Alternatively, the facts before this Court now show that Tempest was not off duty but was the investigating officer in the Scurry case. He was, therefore, acting in the line of duty. It would be very difficult to question the motives of a man for testifying at trial when testifying was part of the normal course of his job as a law enforcement officer.
The case at bar is further distinguishable from Beaumier. In Beaumier, the evidence of investigation was raised at trial but rejected by the trial justice. In the subject case, the evidence was introduced for the first time after the original trial. Accordingly, this Court must treat this motion as a motion for a new trial based on newly discovered evidence.
In order for newly discovered evidence to justify a new trial, the defendant must satisfy a four part test. First, the evidence must actually be newly discovered since the trial.State v. Bassett, 447 A.2d 371, 375. Second, the defendant must have been diligent in attempting to discover the evidence for use at the original trial. Id. Third, the evidence must not be merely cumulative or merely impeaching. Id. Fourth, the evidence must be material to the issue and be of a kind that would probably change the verdict at a new trial. Id. With respect to the first prong of the test, the Rhode Island Supreme Court allows the evidence to be either newly discovered or newly available since the trial. State v. Tavares, 461 A.2d 390, 392 (R.I. 1983).

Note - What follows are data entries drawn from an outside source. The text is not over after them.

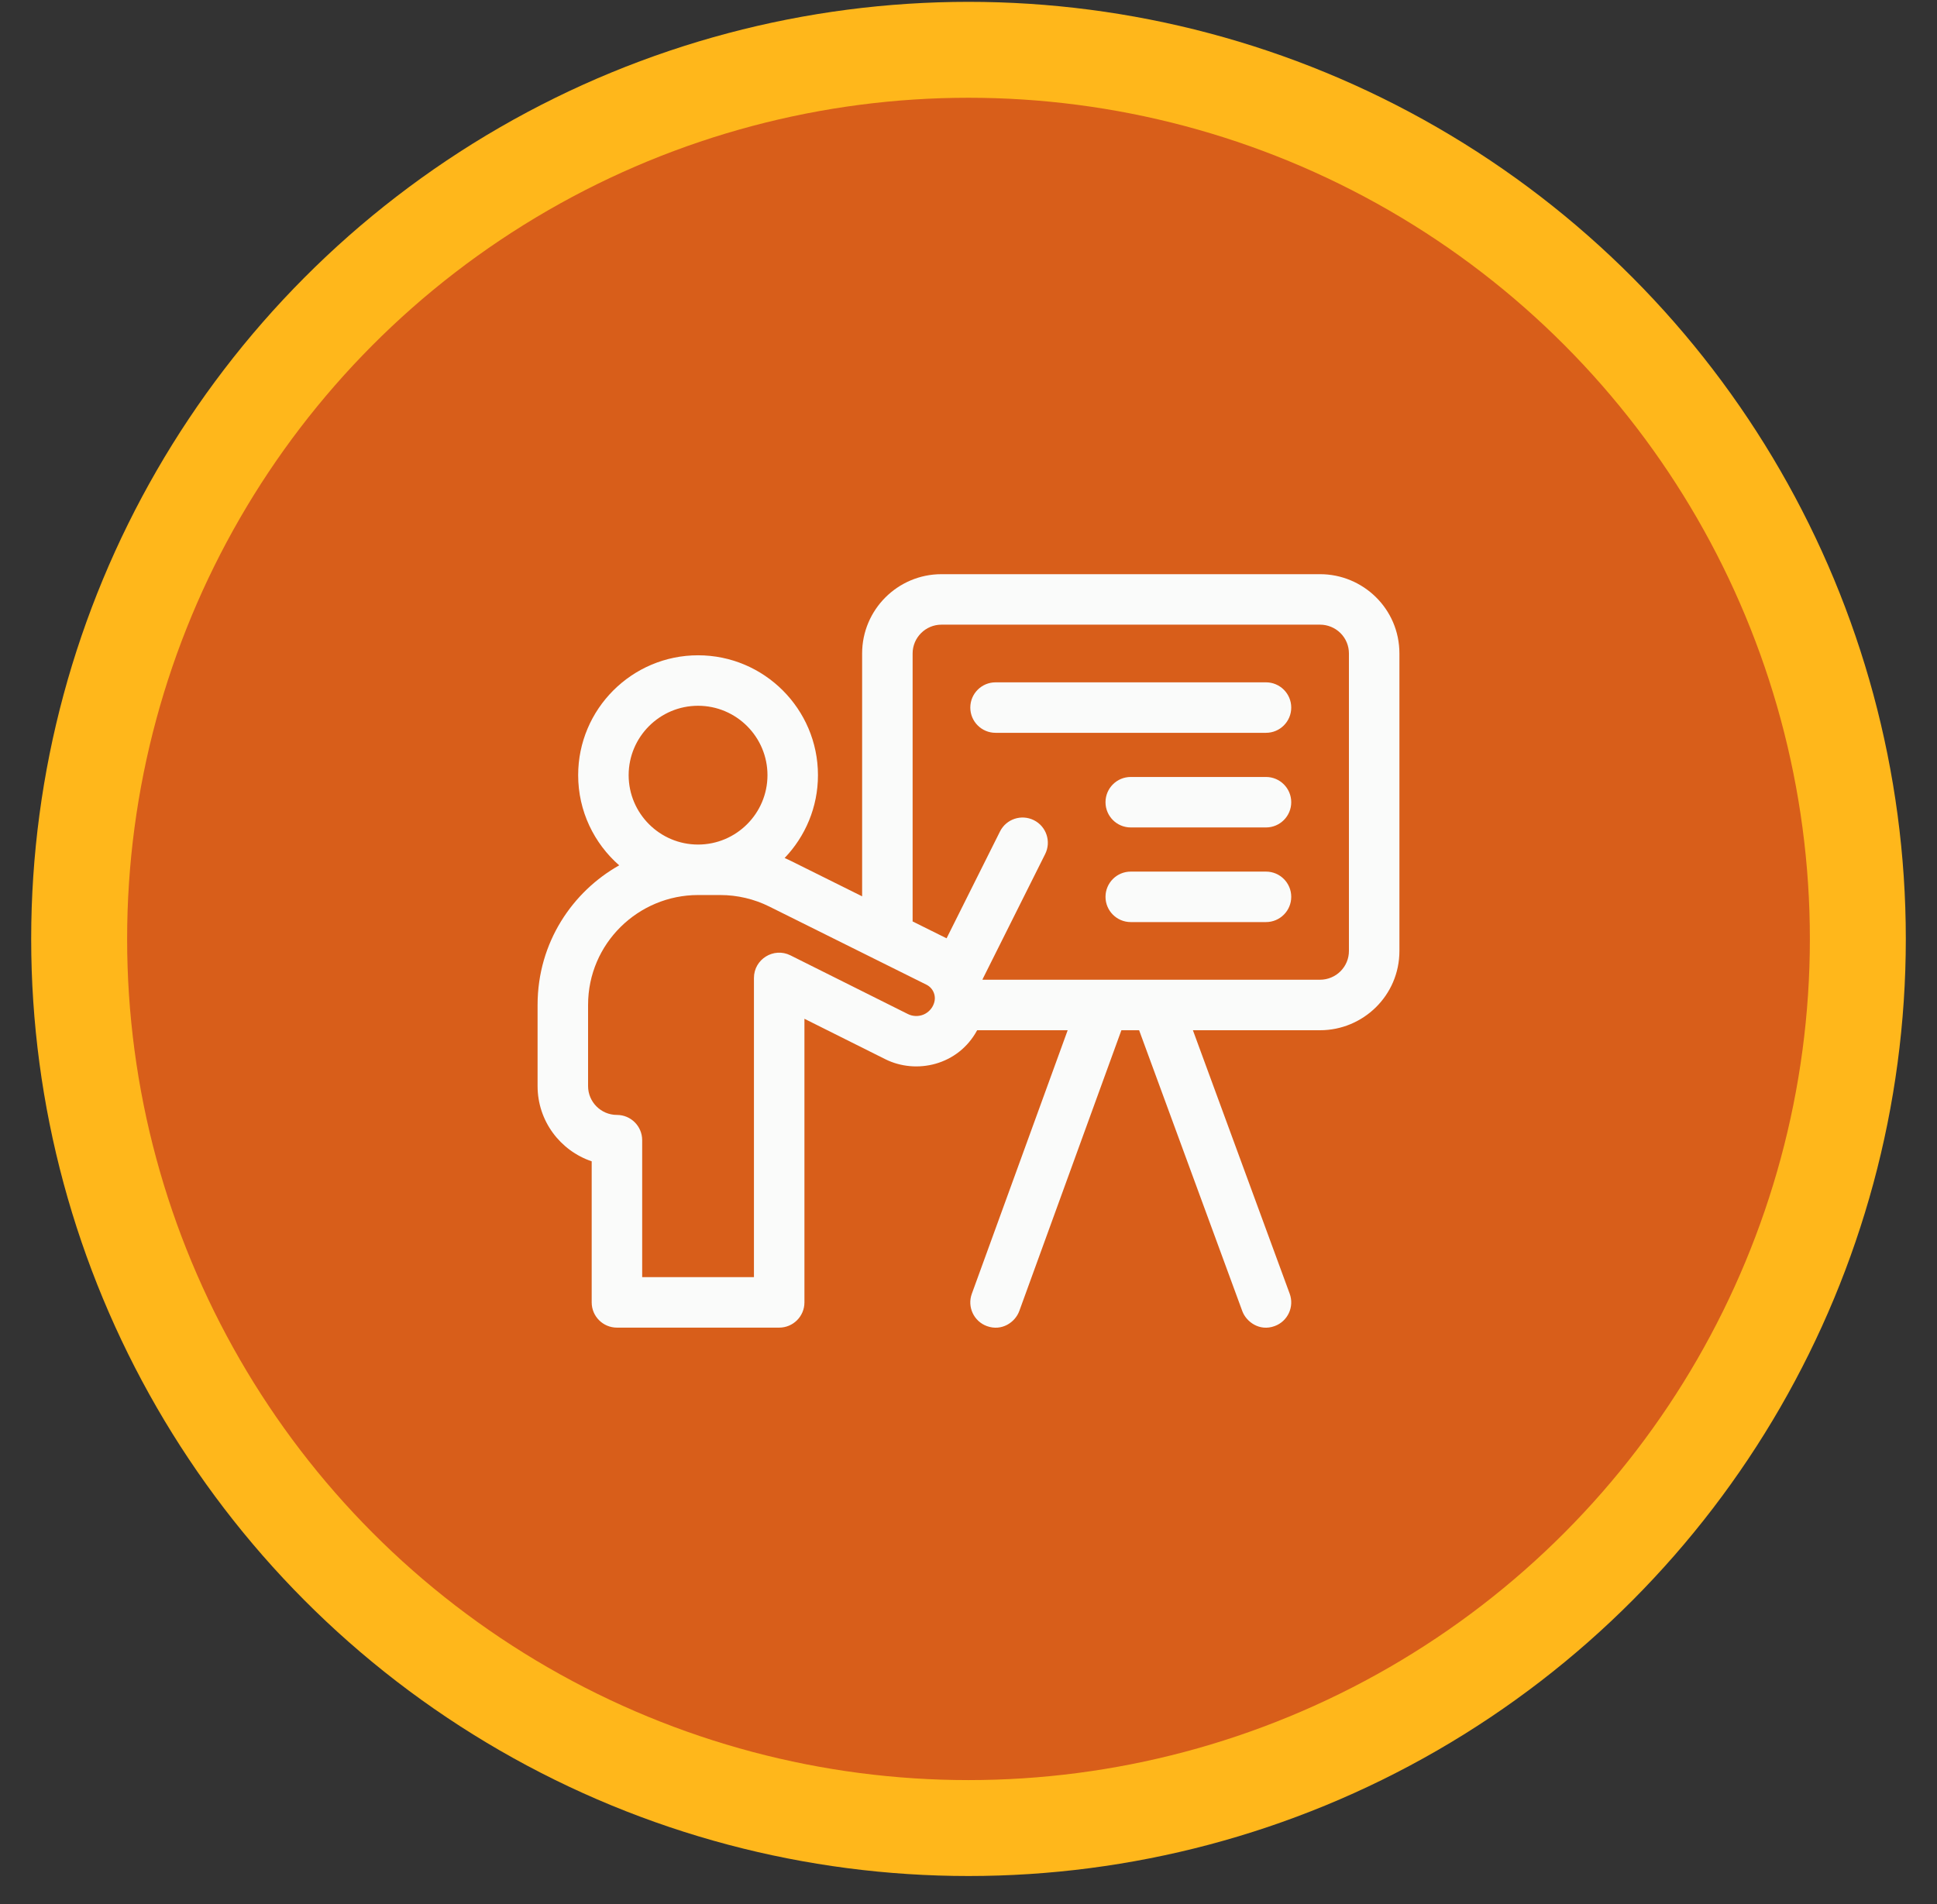 <svg width="60" height="59" viewBox="0 0 60 59" fill="none" xmlns="http://www.w3.org/2000/svg">
<rect x="0" y="0" width="60" height="59" fill="#333333" stroke="none"/>
<circle cx="30" cy="29.091" r="29.034" fill="#FFB71B"/>
<circle cx="30" cy="29.091" r="26.062" fill="#D85E1A"/>
<path d="M40.89 17.79H29.162C27.807 17.79 26.705 18.892 26.705 20.247V27.771L24.527 26.688C24.454 26.651 24.379 26.616 24.304 26.584C24.943 25.916 25.337 25.012 25.337 24.017C25.337 21.969 23.671 20.303 21.623 20.303C19.575 20.303 17.909 21.969 17.909 24.017C17.909 25.13 18.402 26.13 19.18 26.811C17.747 27.617 16.652 29.189 16.652 31.137V33.651C16.652 34.733 17.355 35.653 18.328 35.981V40.352C18.328 40.784 18.678 41.134 19.11 41.134H24.136C24.568 41.134 24.918 40.784 24.918 40.352V31.565L27.422 32.817C28.38 33.296 29.68 33.01 30.268 31.92H33.072L30.103 40.085C29.955 40.491 30.165 40.94 30.57 41.087C31.035 41.256 31.447 40.965 31.573 40.62L34.736 31.92H35.285L38.481 40.622C38.602 40.952 39.012 41.26 39.484 41.086C39.89 40.938 40.098 40.488 39.949 40.083L36.951 31.92H40.89C42.219 31.92 43.348 30.848 43.348 29.462V20.247C43.348 18.861 42.219 17.79 40.89 17.79ZM19.473 24.017C19.473 22.831 20.438 21.867 21.623 21.867C22.808 21.867 23.773 22.831 23.773 24.017C23.773 25.202 22.808 26.167 21.623 26.167C20.438 26.167 19.473 25.202 19.473 24.017ZM28.931 31.083C28.929 31.089 28.927 31.095 28.925 31.101C28.872 31.25 28.751 31.375 28.604 31.436C28.448 31.499 28.272 31.493 28.122 31.418C26.634 30.674 24.485 29.6 24.485 29.6C23.966 29.341 23.354 29.719 23.354 30.3V39.57H19.892V35.326C19.892 34.894 19.542 34.544 19.11 34.544C18.617 34.544 18.216 34.143 18.216 33.651V31.137C18.216 29.227 19.773 27.731 21.623 27.731H22.314C22.838 27.731 23.362 27.854 23.83 28.088C23.83 28.088 27.709 30.017 28.697 30.509C28.909 30.614 29.009 30.861 28.931 31.083ZM41.784 29.462C41.784 29.701 41.691 29.925 41.522 30.094C41.356 30.26 41.126 30.355 40.89 30.355H30.438C30.436 30.351 30.436 30.347 30.434 30.343L32.375 26.461C32.568 26.075 32.412 25.605 32.025 25.412C31.639 25.219 31.169 25.375 30.976 25.761L29.321 29.072C29.012 28.918 28.653 28.74 28.269 28.549V20.247C28.269 19.755 28.67 19.354 29.162 19.354H40.89C41.126 19.354 41.356 19.449 41.523 19.616C41.691 19.784 41.784 20.008 41.784 20.247V29.462Z" fill="#FAFBFA"/>
<path d="M39.215 21.141H30.838C30.406 21.141 30.056 21.491 30.056 21.923C30.056 22.355 30.406 22.705 30.838 22.705H39.215C39.647 22.705 39.997 22.355 39.997 21.923C39.997 21.491 39.647 21.141 39.215 21.141Z" fill="#FAFBFA"/>
<path d="M39.215 24.073H35.026C34.594 24.073 34.244 24.423 34.244 24.855C34.244 25.287 34.594 25.637 35.026 25.637H39.215C39.647 25.637 39.997 25.287 39.997 24.855C39.997 24.423 39.647 24.073 39.215 24.073Z" fill="#FAFBFA"/>
<path d="M39.215 27.005H35.026C34.594 27.005 34.244 27.355 34.244 27.787C34.244 28.218 34.594 28.569 35.026 28.569H39.215C39.647 28.569 39.997 28.218 39.997 27.787C39.997 27.355 39.647 27.005 39.215 27.005Z" fill="#FAFBFA"/>
</svg>

With respect to the fourth prong, Beaumier is again distinguishable from the case at bar. In Beaumier, the witness in question was the State's key witness. At the Scurry trial, however, Detective Tempest was a minor witness who merely testified as to tire tracks at the scene of the crime. Therefore, this Court is satisfied that this new evidence regarding Tempest's being under investigation would probably not change the verdict at a new trial.
Having reviewed all the testimony and the applicable law, the Court denies the defendant's two motions for a new trial.